Introduction to Bayesian analysis

Jim Savage

Introductions

Breaks
Structure
Expectations

Very quick outline of course

Why do Bayesian analysis?
Introduction to generative models
Some useful distributions
The linear model and (maximum) likelihood
Priors, likelihood, and posterior

Very quick outline of course

Introduction to Stan
A Bayesian linear model
Varying-intercept varying-slope models
Modelling latent data 1: Time-varying parameter model
Modelling latent data 2: Nowcastin

Why do Bayesian data analysis?

v Dialectic

Why do Bayesian data analysis?

A natural way of formulating scientific learning in our data analysis
We always have information (priors) before we perform a piece of analysis
We should use this information

Why do Bayesian data analysis?

p-value

Why do Bayesian data analysis?

What even is a p-value?

Under the assumption that the true parameter of a model is 0, (and the model is correctly specified, and the observations are without bias), the p-value tells us the probability of estimating a parameter at least as large as the observed effect.

Why do Bayesian data analysis?

What even is a p-value?

Says nothing about the distribution of plausible values of your parameter
Says nothing about the practical significance of your parameter
Is basically a measure of sample size

Why do Bayesian data analysis?

What we'd like to be able to say is “I'm 95% confidence that the parameter is greater than/less than 0”
Bayesian analysis allows this interpretation

Why do Bayesian data analysis?

Model uncertainty

spaghetti

Why do Bayesian data analysis?

When we make predictions, we want to include two sources of uncertainty:
- How wrong is our model on average if we believe it is the correct model?
- How uncertain are we that our model is correct?
Bayesian analysis includes both these sources of uncertainty.

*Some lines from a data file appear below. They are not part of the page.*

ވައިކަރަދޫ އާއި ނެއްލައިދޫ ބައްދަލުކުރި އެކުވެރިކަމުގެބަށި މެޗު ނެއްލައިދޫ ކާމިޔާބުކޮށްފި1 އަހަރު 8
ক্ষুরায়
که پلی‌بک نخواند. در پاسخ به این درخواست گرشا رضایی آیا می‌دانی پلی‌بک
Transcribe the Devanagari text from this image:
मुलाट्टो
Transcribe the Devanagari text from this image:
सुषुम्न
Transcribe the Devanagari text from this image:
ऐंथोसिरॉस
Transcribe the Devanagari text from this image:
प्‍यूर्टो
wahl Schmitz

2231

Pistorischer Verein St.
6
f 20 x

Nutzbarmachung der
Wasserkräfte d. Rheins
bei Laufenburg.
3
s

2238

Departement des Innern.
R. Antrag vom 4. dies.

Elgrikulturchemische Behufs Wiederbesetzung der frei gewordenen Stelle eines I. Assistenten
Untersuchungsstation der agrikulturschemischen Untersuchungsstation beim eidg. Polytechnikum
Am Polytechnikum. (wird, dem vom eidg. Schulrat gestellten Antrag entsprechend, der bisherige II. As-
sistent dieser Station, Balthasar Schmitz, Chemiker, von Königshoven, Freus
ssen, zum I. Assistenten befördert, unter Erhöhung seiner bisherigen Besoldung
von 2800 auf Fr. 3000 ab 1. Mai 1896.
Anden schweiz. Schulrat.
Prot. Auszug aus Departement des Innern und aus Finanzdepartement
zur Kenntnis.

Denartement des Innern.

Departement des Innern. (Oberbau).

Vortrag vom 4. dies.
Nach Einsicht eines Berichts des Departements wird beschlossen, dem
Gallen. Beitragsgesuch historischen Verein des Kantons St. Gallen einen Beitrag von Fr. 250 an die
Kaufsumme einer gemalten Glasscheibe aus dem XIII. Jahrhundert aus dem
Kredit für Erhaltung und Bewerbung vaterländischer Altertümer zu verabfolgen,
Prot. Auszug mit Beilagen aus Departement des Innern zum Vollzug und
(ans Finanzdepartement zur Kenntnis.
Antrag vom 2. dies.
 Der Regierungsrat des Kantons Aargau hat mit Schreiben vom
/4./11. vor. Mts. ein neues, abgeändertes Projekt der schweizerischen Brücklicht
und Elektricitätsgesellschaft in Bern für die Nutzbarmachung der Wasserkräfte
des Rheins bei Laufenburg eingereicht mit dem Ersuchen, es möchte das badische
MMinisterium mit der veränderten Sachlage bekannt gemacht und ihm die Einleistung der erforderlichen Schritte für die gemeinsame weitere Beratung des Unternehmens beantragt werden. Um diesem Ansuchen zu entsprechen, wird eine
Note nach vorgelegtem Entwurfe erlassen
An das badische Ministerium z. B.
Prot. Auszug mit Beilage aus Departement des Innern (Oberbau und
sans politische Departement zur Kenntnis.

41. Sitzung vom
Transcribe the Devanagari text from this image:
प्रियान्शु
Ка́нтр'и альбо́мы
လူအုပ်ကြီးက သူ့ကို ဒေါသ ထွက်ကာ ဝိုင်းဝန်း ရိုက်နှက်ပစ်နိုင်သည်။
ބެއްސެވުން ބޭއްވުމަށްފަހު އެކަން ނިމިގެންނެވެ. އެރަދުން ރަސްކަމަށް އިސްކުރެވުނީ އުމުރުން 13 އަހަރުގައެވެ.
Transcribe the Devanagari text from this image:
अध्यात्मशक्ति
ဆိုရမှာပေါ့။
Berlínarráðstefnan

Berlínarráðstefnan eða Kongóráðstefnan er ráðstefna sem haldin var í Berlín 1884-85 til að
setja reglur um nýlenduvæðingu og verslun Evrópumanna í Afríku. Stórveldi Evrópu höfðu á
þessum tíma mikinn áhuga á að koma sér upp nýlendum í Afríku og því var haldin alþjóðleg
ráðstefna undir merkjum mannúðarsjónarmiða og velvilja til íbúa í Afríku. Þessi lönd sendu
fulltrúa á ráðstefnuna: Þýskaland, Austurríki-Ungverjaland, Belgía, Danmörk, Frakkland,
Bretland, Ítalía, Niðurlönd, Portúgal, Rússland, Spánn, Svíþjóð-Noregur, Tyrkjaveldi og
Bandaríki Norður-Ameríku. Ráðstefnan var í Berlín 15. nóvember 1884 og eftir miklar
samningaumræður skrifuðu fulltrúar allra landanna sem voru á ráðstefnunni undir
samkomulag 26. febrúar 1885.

Frequentists typically only include the first.

What we need to learn

Bayesian statistics is difficult in the sense that thinking is difficult. - Donald Berry, Duke

Thinking in terms of a generative model. This means assigning prior distributions to all unknowns (parameters) (conceptually difficult at first, assigning priors always takes work)
- If you're used to turn-key model estimation, this will be the hardest step, but most valuable.
Writing out the model to be estimated (learning Stan) (easiest bit, still more difficult than what you're doing now)
Checking to see whether the estimated model is consistent with the data (posterior predictive checking) (easy)
Using the output of models (difficult)

Generative models

Definition

In mathematical terms: a model of the joint probability of the parameters and data of a model: \( p(y, \theta | x) \)
In layman's terms: a model which allows us to generate new (fake) “observations”

Exercise

Generate a data frame with some random series–one uniformly distributed, one normally distributed, and one binary.
Create some parameters
Create some “outcome” data

Generative models

Now let's estimate the parameters of this model using R's lm function

Generative models

Notice that we can write a generative model in probability form.

\[ y_{i} = \beta_{0} + \beta_{1}x_{1,i} + \beta_{2}x_{2,i} + \epsilon \] with \( \epsilon \sim\mathcal{N}(0,\sigma) \)

is the same as writing

\[ y_{i} \sim \mathcal{N}(\beta_{0} + \beta_{1}x_{1,i} + \beta_{2}x_{2,i}, \sigma) \]

\[ y_{i} \sim \mathcal{N}(\mbox{Conditional mean}, \mbox{Potentially conditional volatility}) \]

Generative models

Note that the above model is the joint distribution of the data and parameters only if we think the parameters are fixed and known. In reality, we are uncertain about the value of the \( \beta \) s

So our generative model typically takes the form \( p(y_{i}, \beta) \)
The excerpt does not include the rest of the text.